By Maggie LaNoue
Contributing Writer
Every day, nearly three million gallons of water flow into Albion’s wastewater treatment plant. The problem is that only about half of it should be there.
Albion’s pump stations move roughly 1.4 to 1.5 million gallons of wastewater through the city’s sewer system each day. But the treatment plant receives 2.7 to 2.9 million gallons, almost double that amount. The difference, engineers say, is groundwater and likely river water seeping into aging clay pipes through thousands of cracked joints and deteriorating seams.
“We have at least a million gallons coming in that we have no idea where it’s coming from,” said Public Works Director Jason Kern at the April 20 Albion City Council meeting.
Three separate underground systems run beneath every Albion street: water mains that bring clean drinking water in, sanitary sewer lines that carry wastewater out to the treatment plant, and storm sewer systems that handle rainwater runoff. When a road is reconstructed, engineers must evaluate all three before the pavement goes back down. The April 20 presentation focused on the sanitary sewer system, and what it found was not encouraging.
Mickey Bittner, P.E., of Wightman has worked on Albion infrastructure projects for many years, presenting at town halls, city council meetings, and offering to speak with anyone who wants to understand the condition of the city’s underground systems. He explained the likely cause of the excess flow. Much of Albion’s sewer system is clay pipe installed in six-foot sections, meaning a joint every six feet, for miles. “It’s old, it’s brittle,” Bittner said.
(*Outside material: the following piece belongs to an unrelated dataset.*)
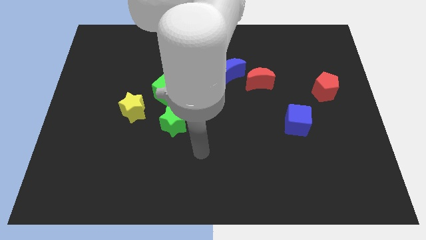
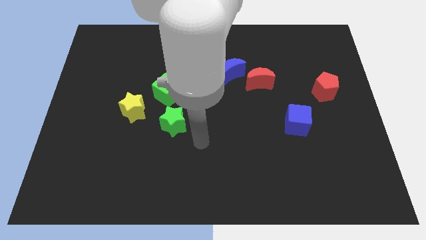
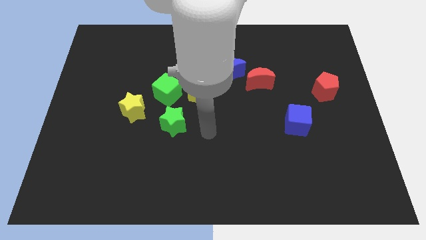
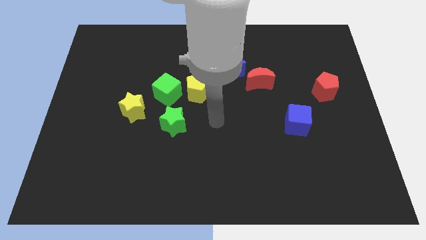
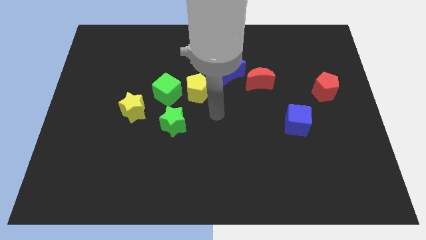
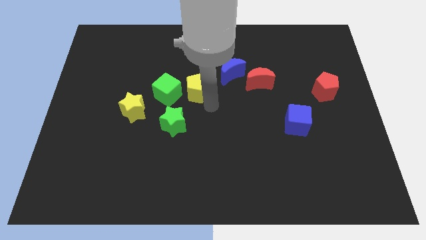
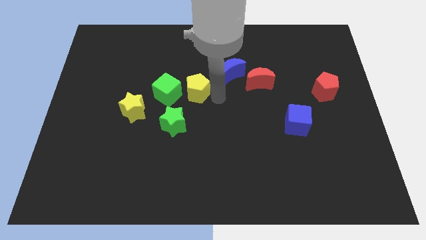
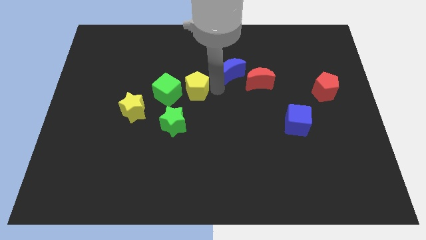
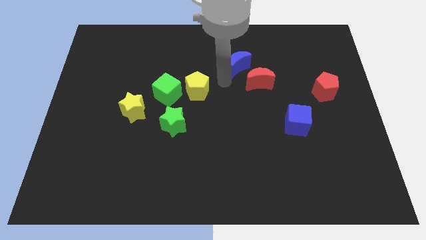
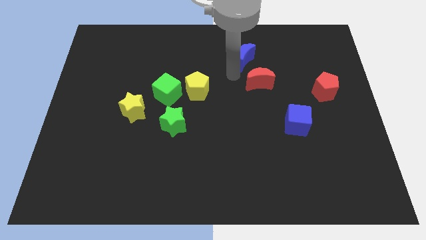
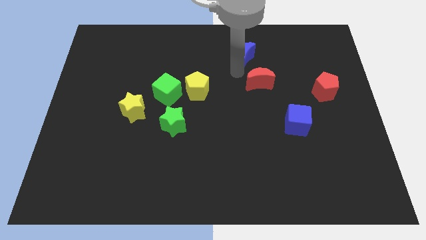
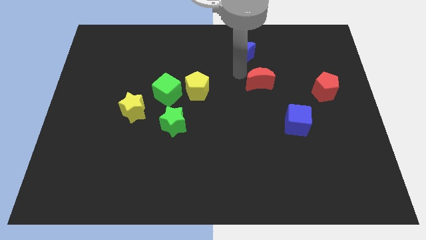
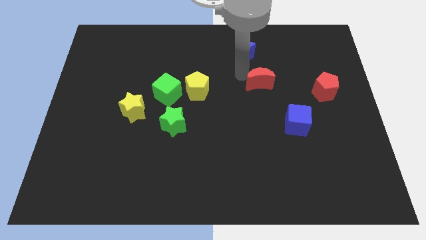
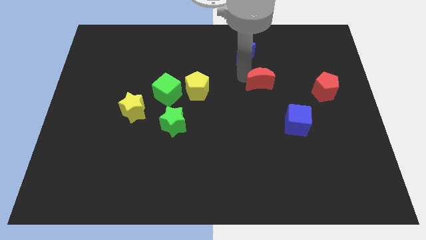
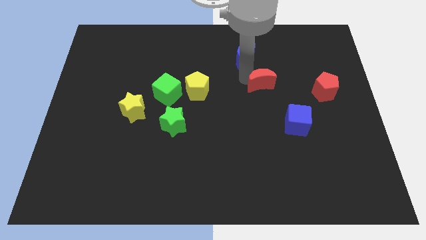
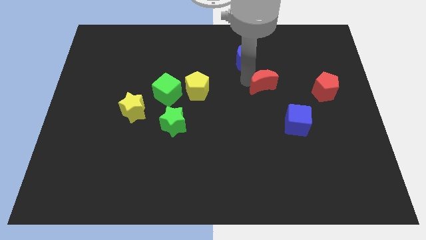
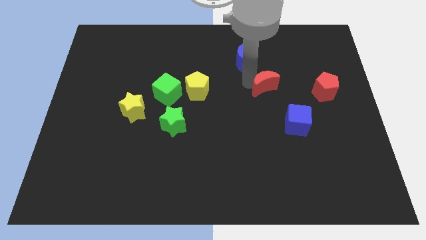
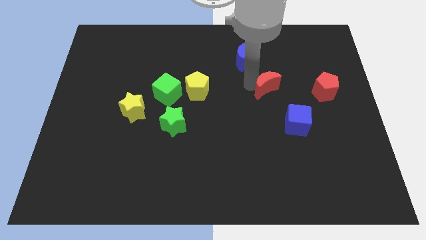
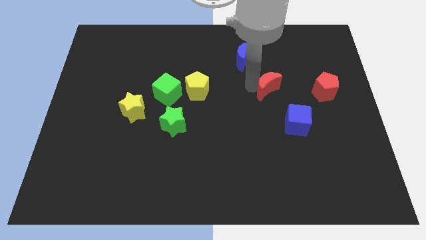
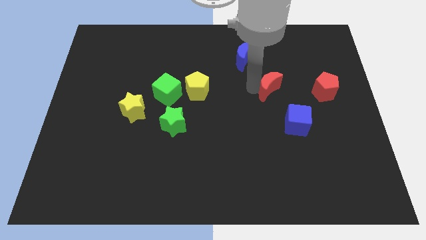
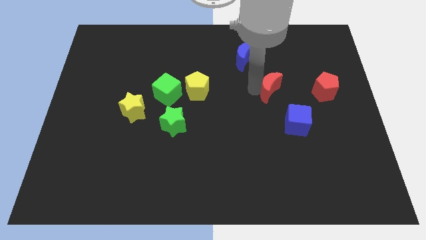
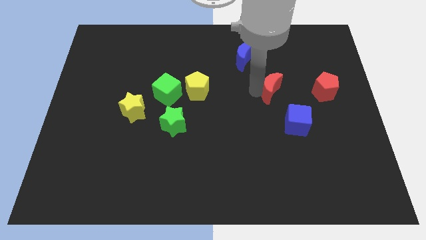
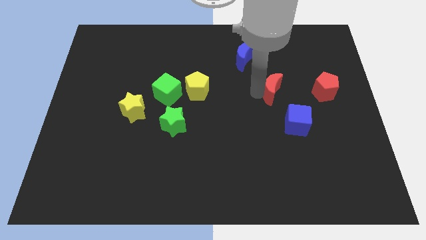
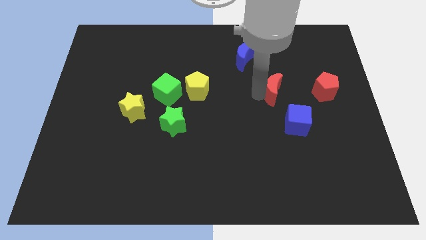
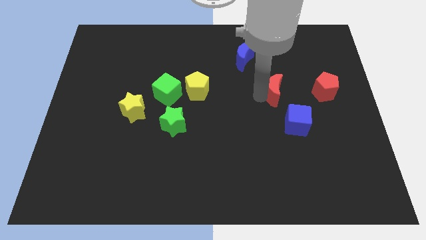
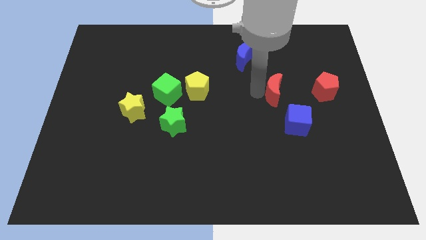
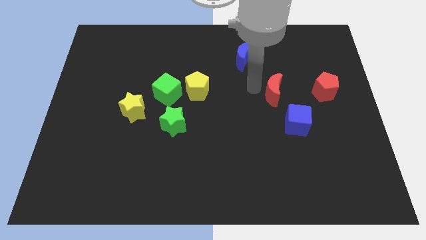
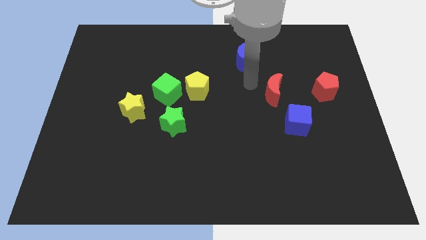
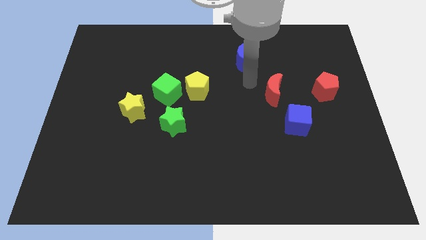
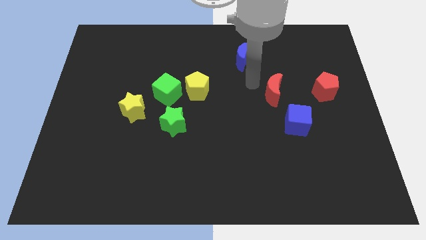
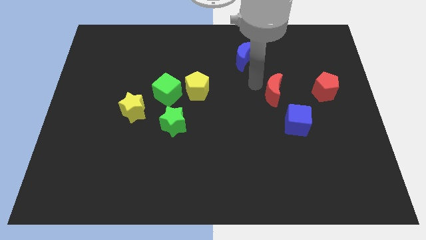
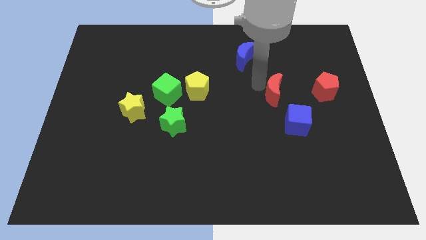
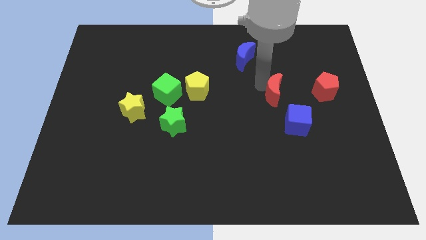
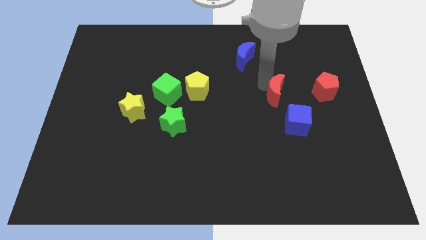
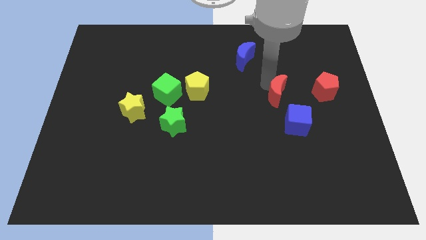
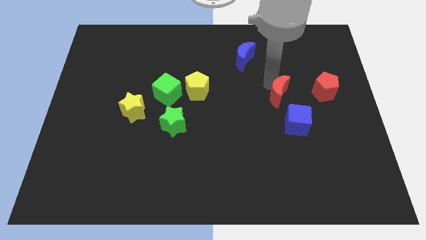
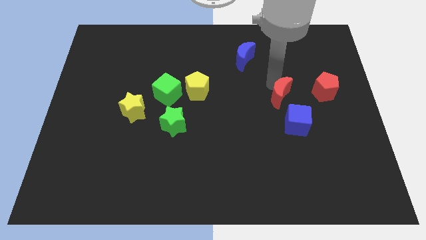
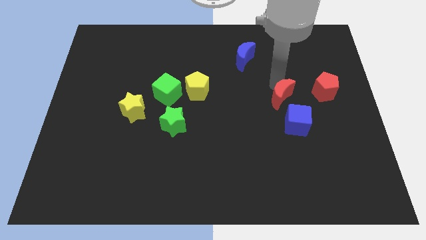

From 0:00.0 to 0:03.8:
slightly move the red moon down and then right

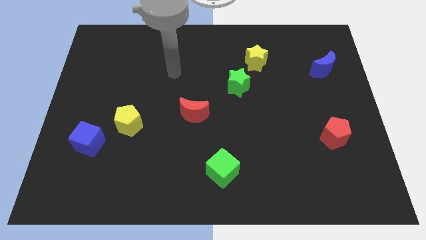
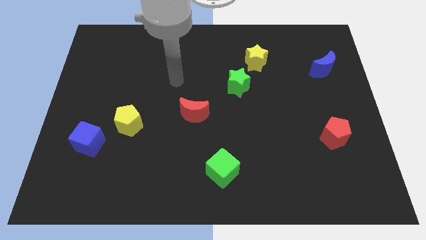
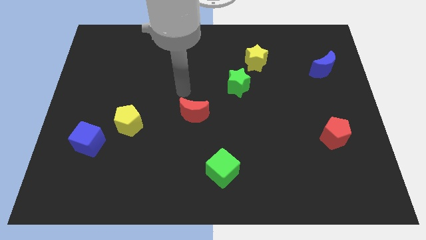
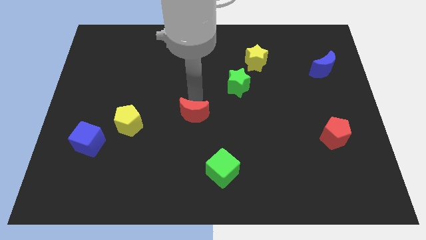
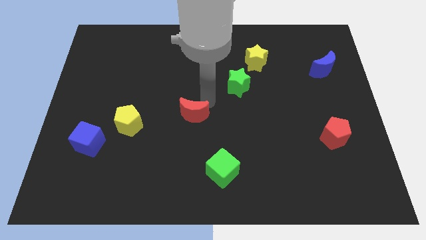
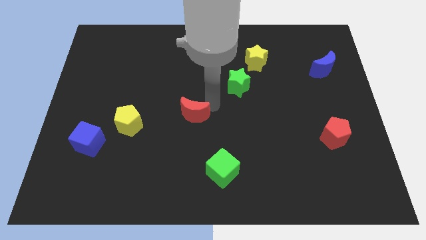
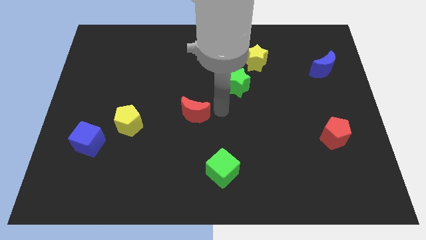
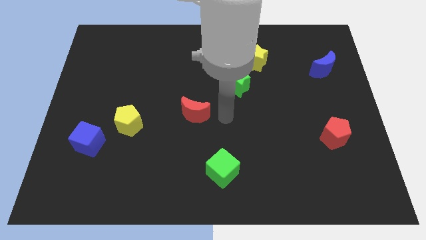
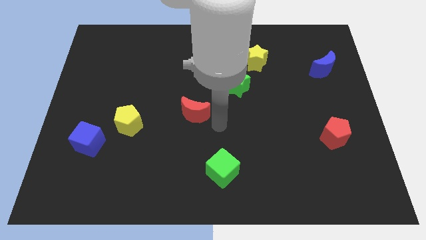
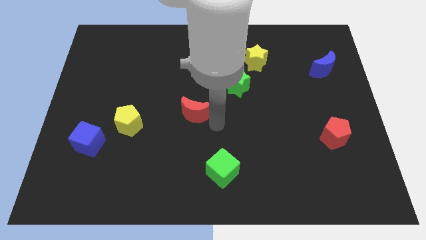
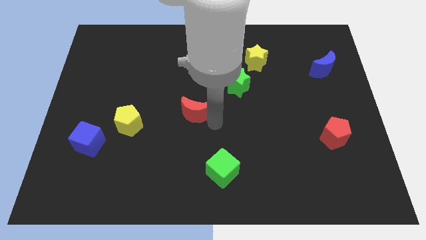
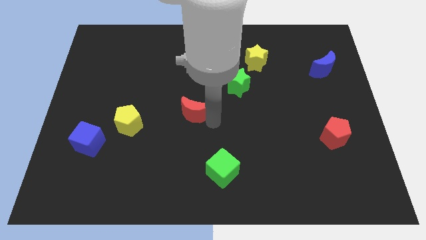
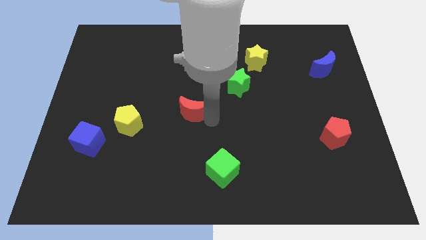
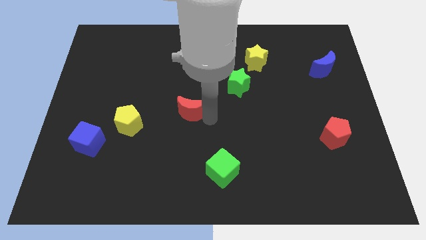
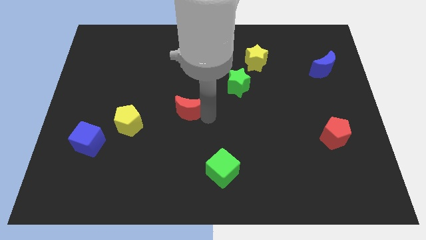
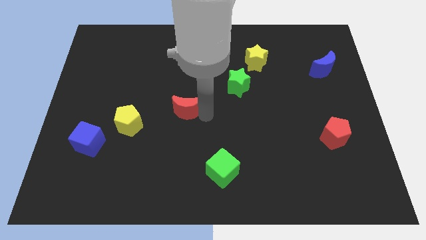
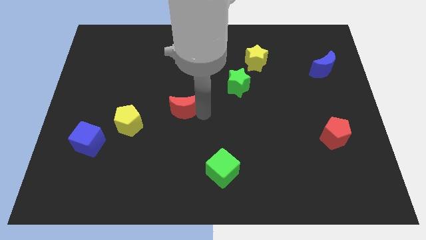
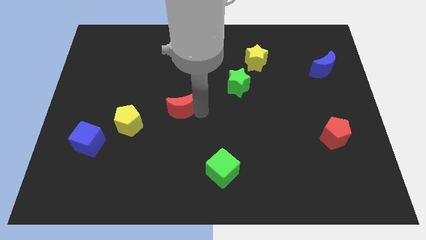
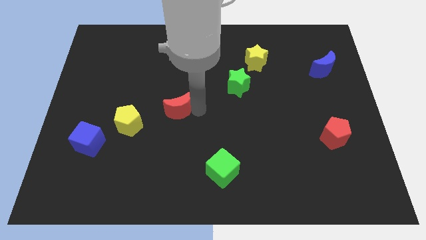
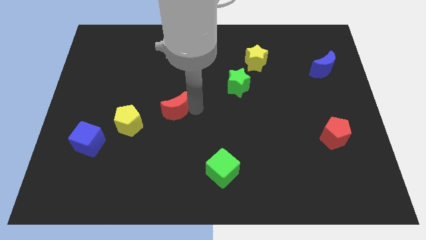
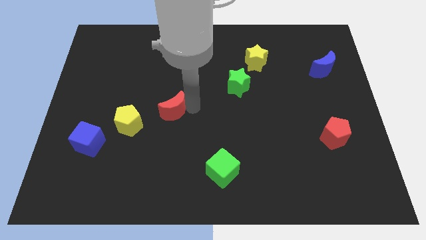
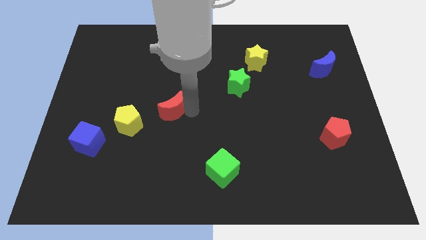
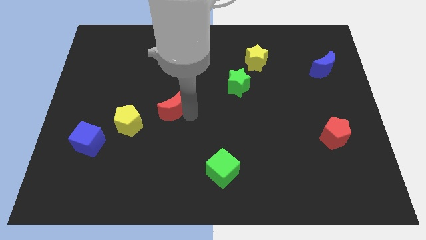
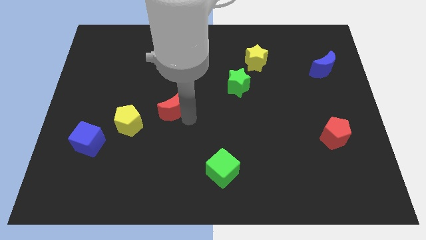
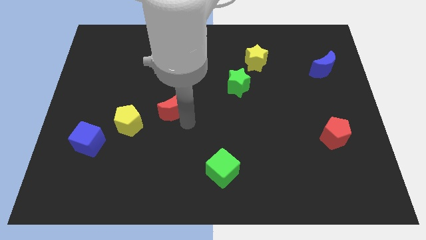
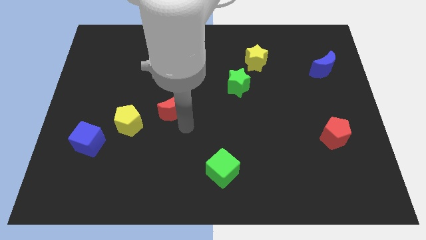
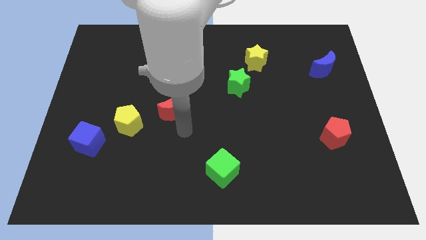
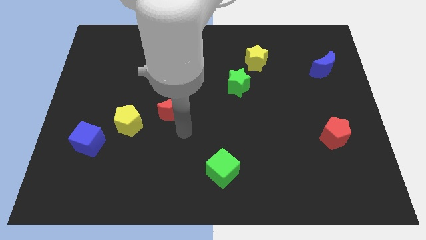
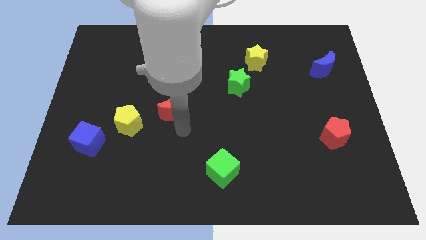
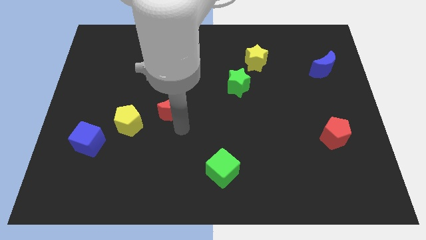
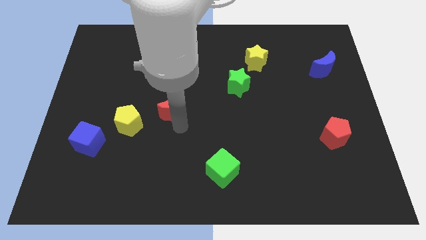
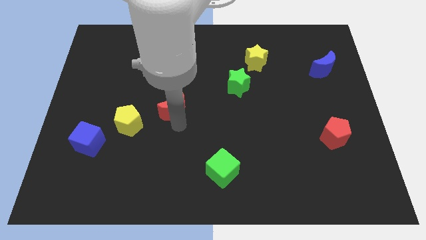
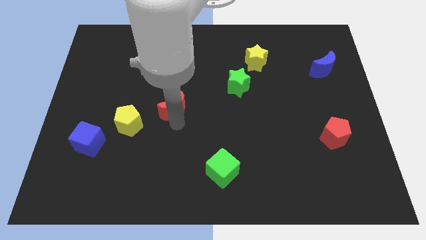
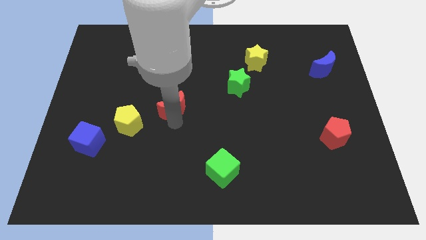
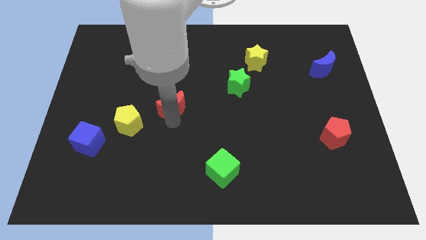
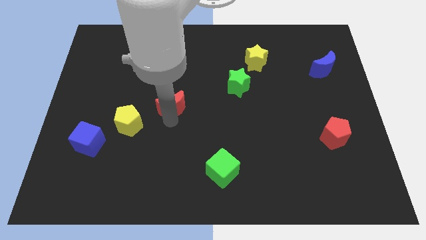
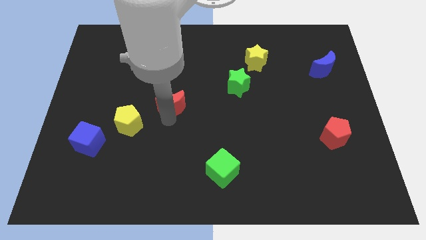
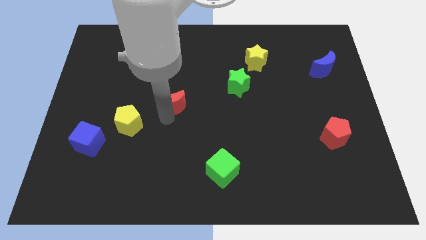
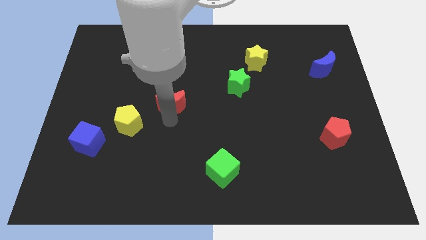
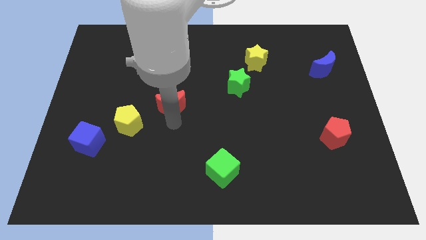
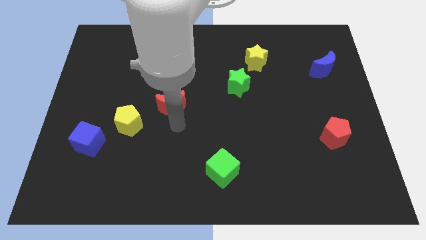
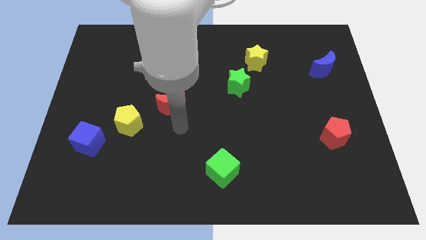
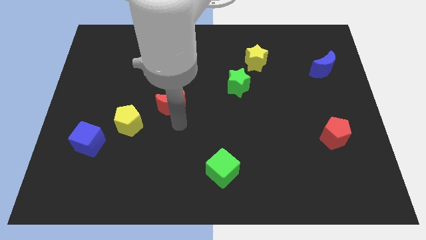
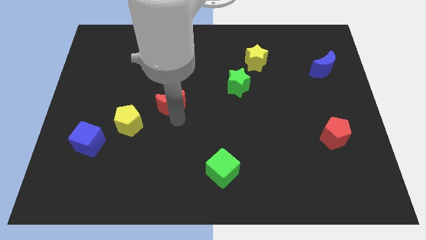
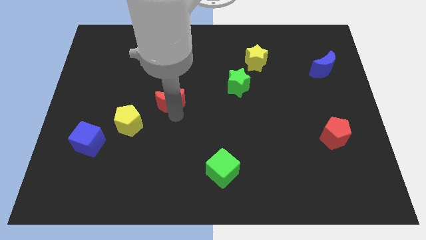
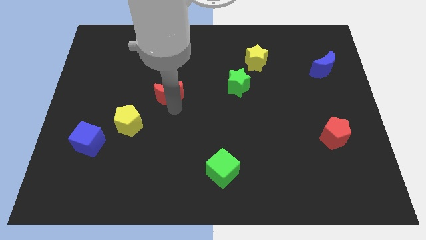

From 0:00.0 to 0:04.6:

Low-lying areas near the Kalamazoo River are prime suspects for groundwater infiltration, he added.
The connection between the river corridor and Albion’s underground systems runs deeper than most residents realize. The Marshall sandstone aquifer underlies low-lying areas near the river just two to three feet below the surface and is highly vulnerable to runoff from storm sewers and surface pollution, according to an Albion College geologist who spoke at a March 2026 community town hall on the Kalamazoo River corridor. A historic artesian well at Victory Park Spring, once a favorite spot for residents to draw fresh drinking water, sits directly above that aquifer. A sign posted by the Michigan Department of Public Health now warns that the water is unsafe for drinking or domestic use.